--- START ---

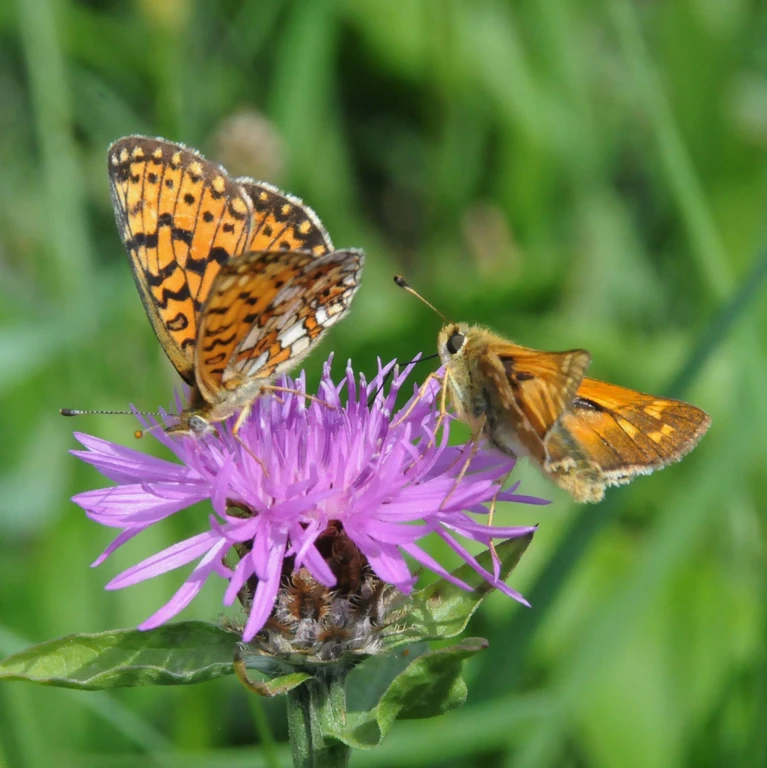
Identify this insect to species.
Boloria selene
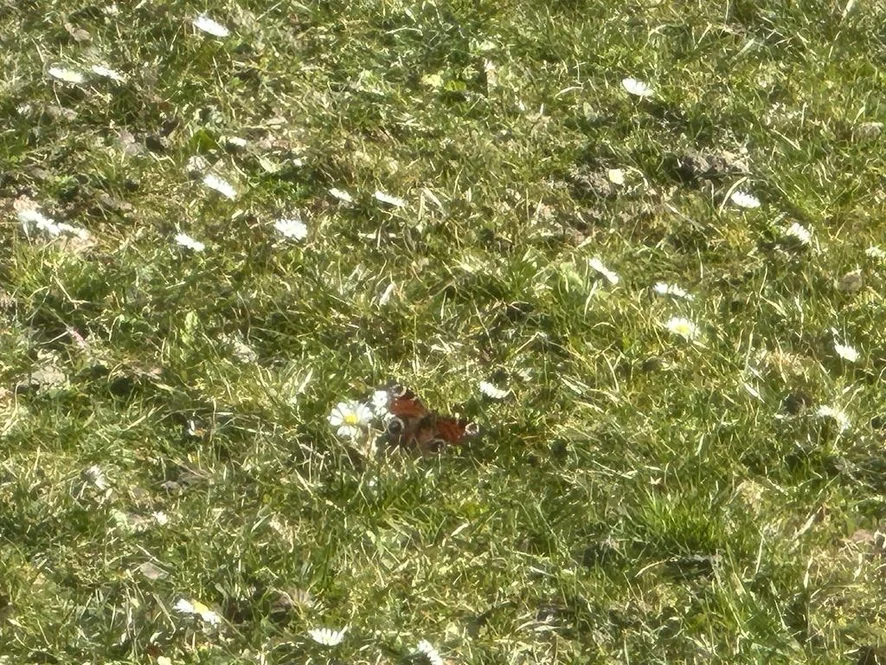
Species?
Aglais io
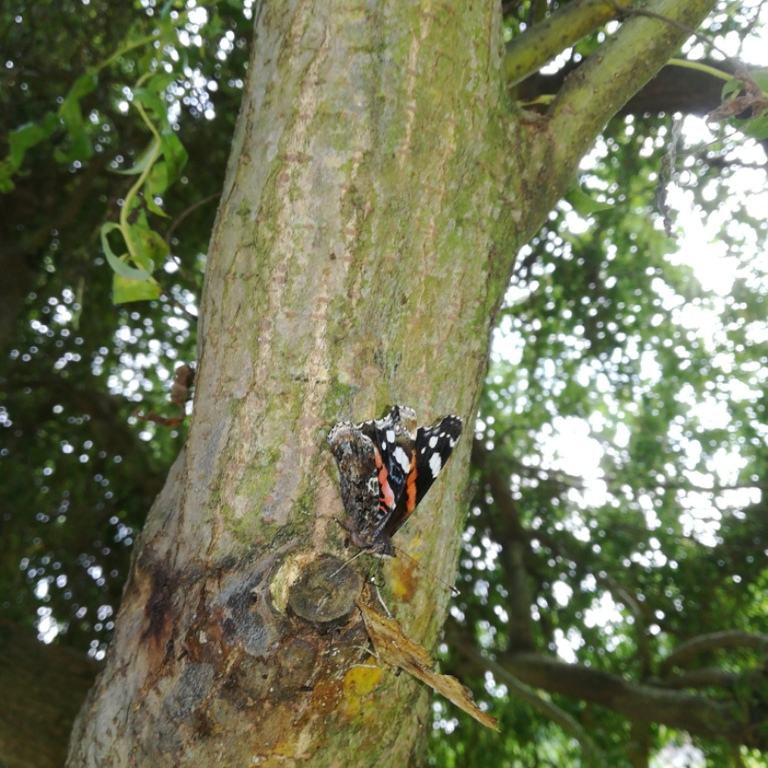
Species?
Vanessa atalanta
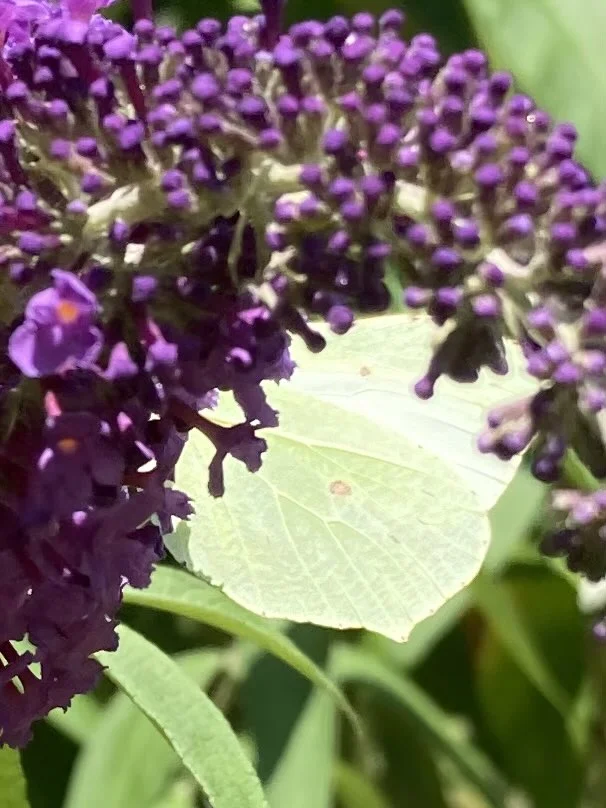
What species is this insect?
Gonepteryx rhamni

--- END ---

__Task instructions__
A word-for-word restatement of all the lines above is needed, with the pictures omitted.

__Exercise output__
Identify this insect to species.
Boloria selene
Species?
Aglais io
Species?
Vanessa atalanta
What species is this insect?
Gonepteryx rhamni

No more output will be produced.